C2 is what you call C4 (Tier 4), no? To me Tier 0 is interpreter, Tiers 1 to 3 are C1 with increasing profiling, Tier 4 is C2. We need a JDK specialist, @ghadi?

alexmiller 2019-08-22T12:58:47.342900Z

maybe so, dunno

2019-08-22T17:21:07.343800Z

Wow, thanks for all the investigation @cgrand. I will be trying to reproduce your cases and commentary in my repo for possible future reference.

2019-08-22T19:07:14.343900Z

Not sure if you were aware that Leiningen by default adds its own JVM command line options related to Tiered compilation, which make performance experiment results suspect, unless you override that by using something like the following in your project.clj file: :jvm-opts ^:replace ["jvm-opts-I-want"]

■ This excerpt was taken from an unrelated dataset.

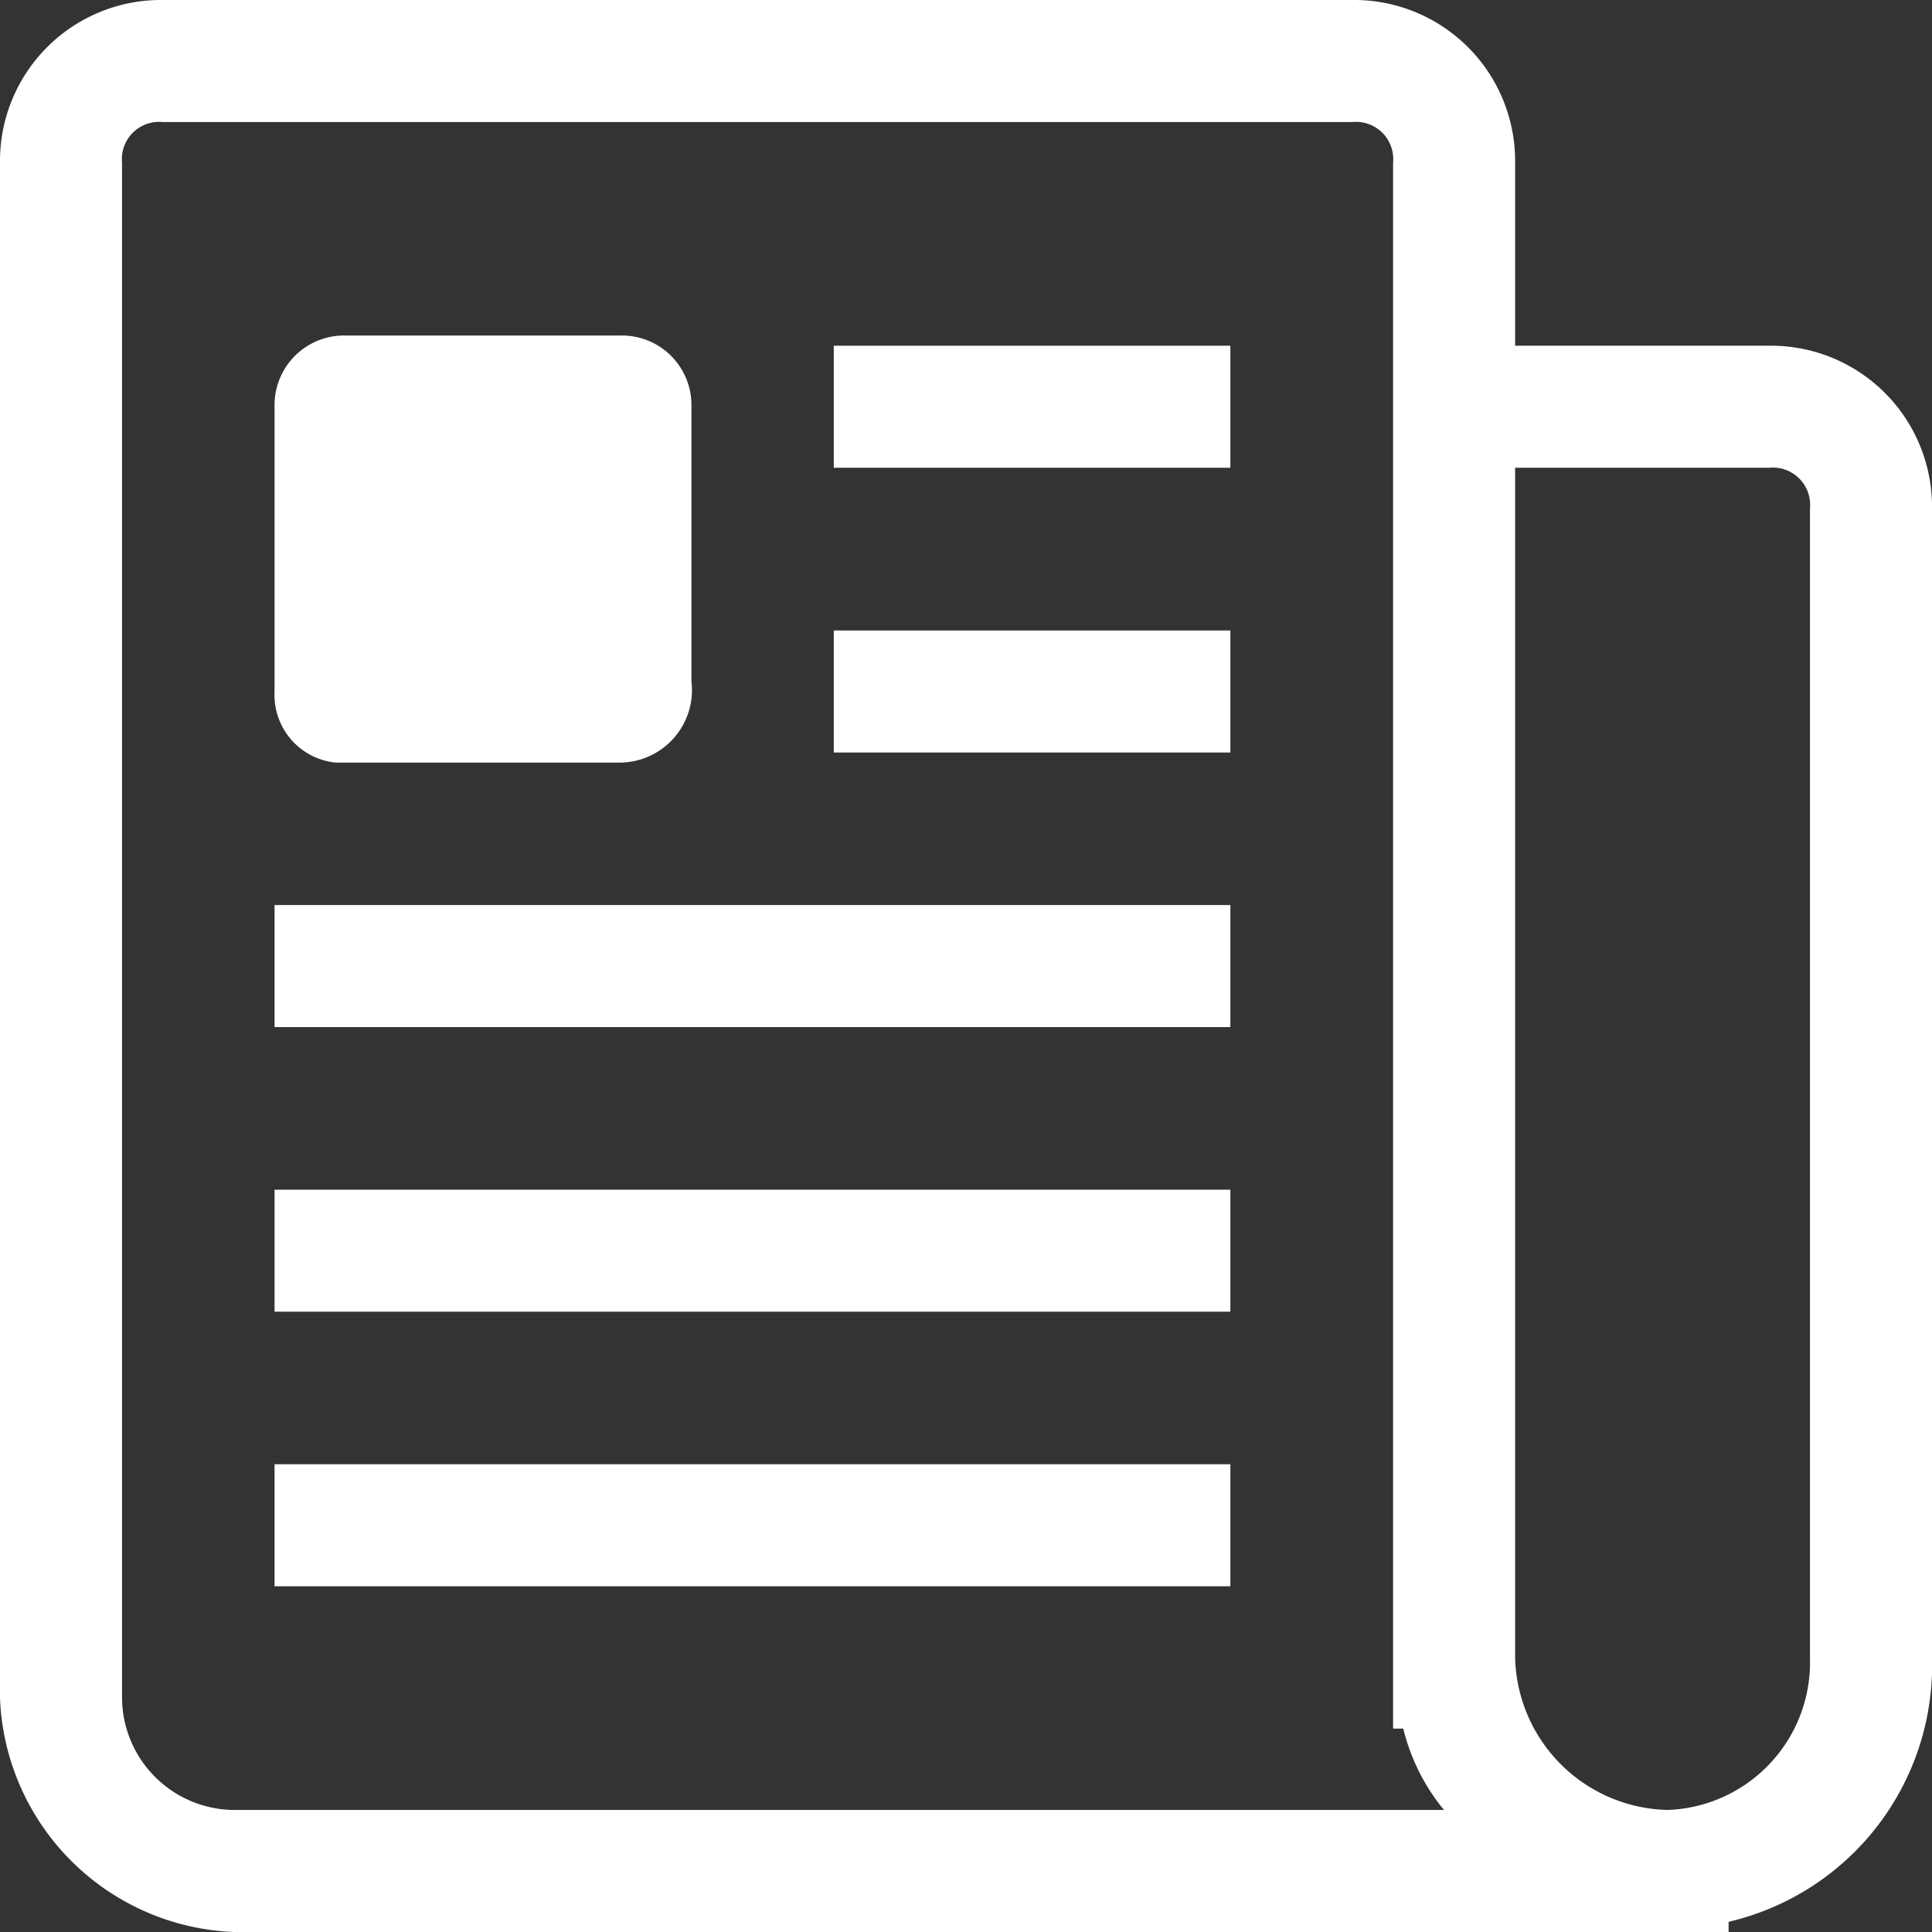<svg xmlns="http://www.w3.org/2000/svg" width="18" height="18"><rect width="100%" height="100%" fill="#333333" stroke="none"/><path fill="#fff" d="M16.484 3.221h-2.368V1.516A1.5 1.5 0 0 0 12.6 0H1.516A1.5 1.5 0 0 0 0 1.516v14.305A2.27 2.27 0 0 0 2.179 18h13.926v-.095A2.454 2.454 0 0 0 18 15.442V4.737a1.5 1.5 0 0 0-1.516-1.516Zm-15.347 12.6V1.516a.347.347 0 0 1 .379-.379H12.6a.347.347 0 0 1 .379.379v14.589h.095a1.9 1.9 0 0 0 .379.758H2.179a1.051 1.051 0 0 1-1.042-1.042Zm15.726-.379a1.376 1.376 0 0 1-1.326 1.421 1.455 1.455 0 0 1-1.421-1.421V4.358h2.368a.347.347 0 0 1 .379.379Z" data-name="パス 25"/><path fill="#fff" d="M7.768 3.221h3.695v1.137H7.768Z" data-name="パス 26"/><path fill="#fff" d="M7.768 5.874h3.695v1.137H7.768Z" data-name="パス 27"/><path fill="#fff" d="M2.558 8.432h8.905v1.137H2.558Z" data-name="パス 28"/><path fill="#fff" d="M2.558 11.084h8.905v1.137H2.558Z" data-name="パス 29"/><path fill="#fff" d="M2.558 13.642h8.905v1.137H2.558Z" data-name="パス 30"/><path fill="#fff" d="M3.126 7.105h2.653a.676.676 0 0 0 .663-.758V3.789a.648.648 0 0 0-.663-.663H3.221a.648.648 0 0 0-.663.663v2.653a.634.634 0 0 0 .568.663Z" data-name="パス 31"/></svg>

2019-08-22T20:23:01.346100Z

OK, still no Twitter message to Aleksey Shipilev, and still no disassembly to JVM byte code nor Intel assembly code, but I have added brief instructions to the README, and attempted to automate what is there working across JDK8 through the latest versions (AdoptOpenJDK, OpenJDK, Azul Zulu, and Amazon Corretto all tested), and added Christophe's variations: https://github.com/jafingerhut/leeuwenhoek

2019-08-22T20:24:18.347200Z

My best guess is that we are seeing a case where some Clojure-compiled JVM byte codes are being optimized to faster machine code at JIT tier 3, vs. slower machine code when compiled at JIT tier 4, depending on exactly how you write that Clojure function.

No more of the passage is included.